La magnitud de este cambio del clima a nivel global —y de sus consecuencias catastróficas— ha motivado que se lo considere como crisis climática, la dimensión más significativa de una crisis múltiple que conlleva hoy la dominación del capital en este contexto de transición hegemónica global. Allí están los récords históricos de elevación de la temperatura terrestre y de los océanos en los últimos meses, la retracción del hielo antártico y el cinturón de olas de calor, sequías e incendios que recorrieron el globo acompañadas luego de diluvios e inundaciones, como la que padeció trágicamente el noroeste de Libia.
La gravedad de la situación resulta tan inocultable que ha merecido en los últimos meses de parte del propio Secretario General de Naciones Unidas interpelaciones directas a los países del Norte Global advirtiendo que entramos en la «era del hervor global», que el «colapso ecológico ha comenzado» y que hemos abierto «las puertas del infierno». Así también lo señaló el Papa Francisco en su última encíclica, cuando afirmó que «por más que se pretendan negar, esconder, disimular o relativizar, los signos del cambio climático están ahí, cada vez más patentes».
Pero es necesario reconocer que esta situación no resulta una novedad. Desde la segunda posguerra, diferentes estudios científicos vienen advirtiendo que el sustantivo incremento de la emisión de gases de efecto invernadero provocaría el aumento de la temperatura en la Tierra, con la consecuente intensificación de fenómenos meteorológicos extremos y la amenaza a la continuidad de la vida en el planeta. Y desde los años 90 se desplegaron un sinnúmero de acuerdos, protocolos, instituciones, recursos, dispositivos ecológicos en el marco de Naciones Unidas y a nivel regional y nacional para abordar las cuestiones ambiental y climática.

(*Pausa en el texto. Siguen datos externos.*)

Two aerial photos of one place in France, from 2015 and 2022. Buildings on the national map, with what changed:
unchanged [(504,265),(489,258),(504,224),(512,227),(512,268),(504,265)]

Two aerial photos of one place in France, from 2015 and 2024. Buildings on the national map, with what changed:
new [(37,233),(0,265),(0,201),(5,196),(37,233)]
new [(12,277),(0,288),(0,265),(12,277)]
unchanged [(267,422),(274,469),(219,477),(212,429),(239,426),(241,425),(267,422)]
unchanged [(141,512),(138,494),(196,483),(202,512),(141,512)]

Sin embargo, entre 1991 y 2021 se emitió más CO2 (948 GtCO2) que en el resto de la historia humana (785 GtCO2). La temperatura de la superficie global ha aumentado más rápido desde 1970 que en cualquier otro período de 50 años durante al menos los últimos 2000 años, y más del 50% de las emisiones totales del CO2 antropogénico tuvieron lugar después de que se fundara el Grupo Intergubernamental de Expertos sobre el Cambio Climático (IPCC) y que se realizara la reconocida Cumbre de la Tierra (la Conferencia de Naciones Unidas sobre Medio Ambiente y Desarrollo) en 1992. Las emisiones de estos gases de efecto invernadero no dejan de incrementarse año tras año.

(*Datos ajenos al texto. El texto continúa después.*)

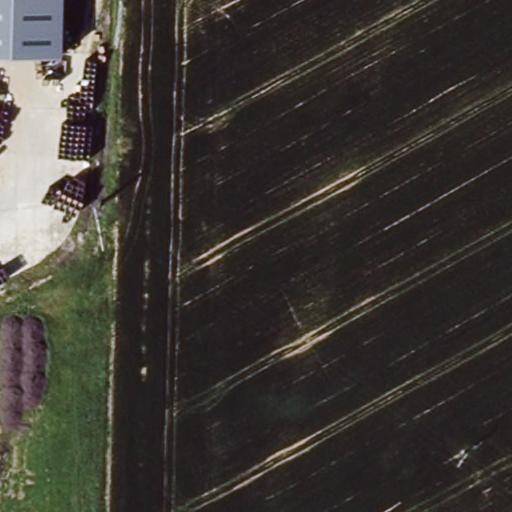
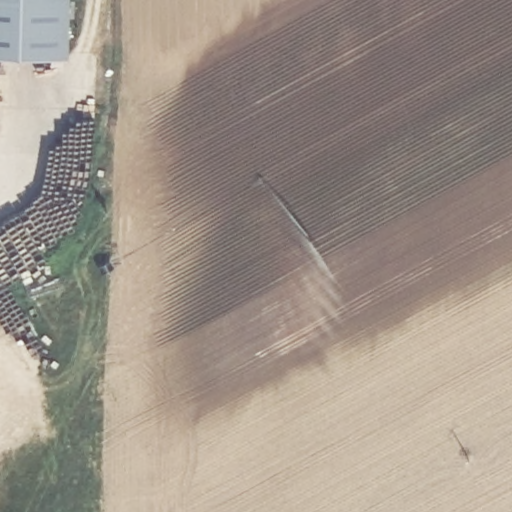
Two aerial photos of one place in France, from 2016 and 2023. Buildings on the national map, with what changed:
unchanged [(0,42),(0,0),(69,0),(69,48),(0,42)]

Así, resulta evidente que las respuestas a la crisis climática propuestas en el marco del capitalismo han fallado estrepitosamente. Las regulaciones y acuerdos internacionales fueron violados una y otra vez por los Estados de los países centrales y las corporaciones transnacionales, y los mecanismos de mercado —justificados por la razón cínica neoliberal como solución a los propios efectos de la mercantilización de la naturaleza— exasperaron el deterioro y la destrucción del ambiente. Al mismo destino se encaminan la llamada economía verde (que, en definitiva, promueve acrecentar la economización de los bienes naturales), el Green New Deal, que se sustenta en ella, el llamado «keynesianismo medioambiental» y la transición energética bajo control corporativo.

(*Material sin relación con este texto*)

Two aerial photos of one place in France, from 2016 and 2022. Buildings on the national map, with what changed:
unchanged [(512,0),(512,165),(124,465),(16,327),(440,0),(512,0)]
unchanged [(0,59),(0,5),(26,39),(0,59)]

El fracaso de las soluciones ecocapitalistas acrecienta el interrogante —y la responsabilidad— sobre si el pensamiento, los valores y la acción de la izquierda, desde Marx hasta el saber crítico y ecosocialista contemporáneos, pueden aportar a la construcción de las respuestas necesarias.
Dominación colonial y desigualdad social
La narrativa dominante sobre la problemática ambiental habitualmente la despoja de todo contenido social. Este proceso de desocialización y naturalización del ambiente ha sido una de las dimensiones centrales de la «neoliberalización» de la cuestión ambiental, junto con el de mercantilización y capitalización de la naturaleza. Por el contrario, todas las evidencias indican —y numerosos documentos de los organismos internacionales ratifican— la centralidad de la dominación colonial y la desigualdad social en relación con la generación de la crisis climática, que es la temática de nuestra reflexión en este caso.
Así, los veinte países más industrializados y ricos son responsables por el 80% de las emisiones de gases de efecto invernadero. Y si consideramos las emisiones per cápita, los primeros son los Estados del Golfo Pérsico, Estados Unidos, Australia y Canadá. A todas luces, los responsables del cambio climático son los países más ricos e industrializados, al punto que diversos acuerdos de Naciones Unidas reconocen explícitamente estas responsabilidades diferenciadas.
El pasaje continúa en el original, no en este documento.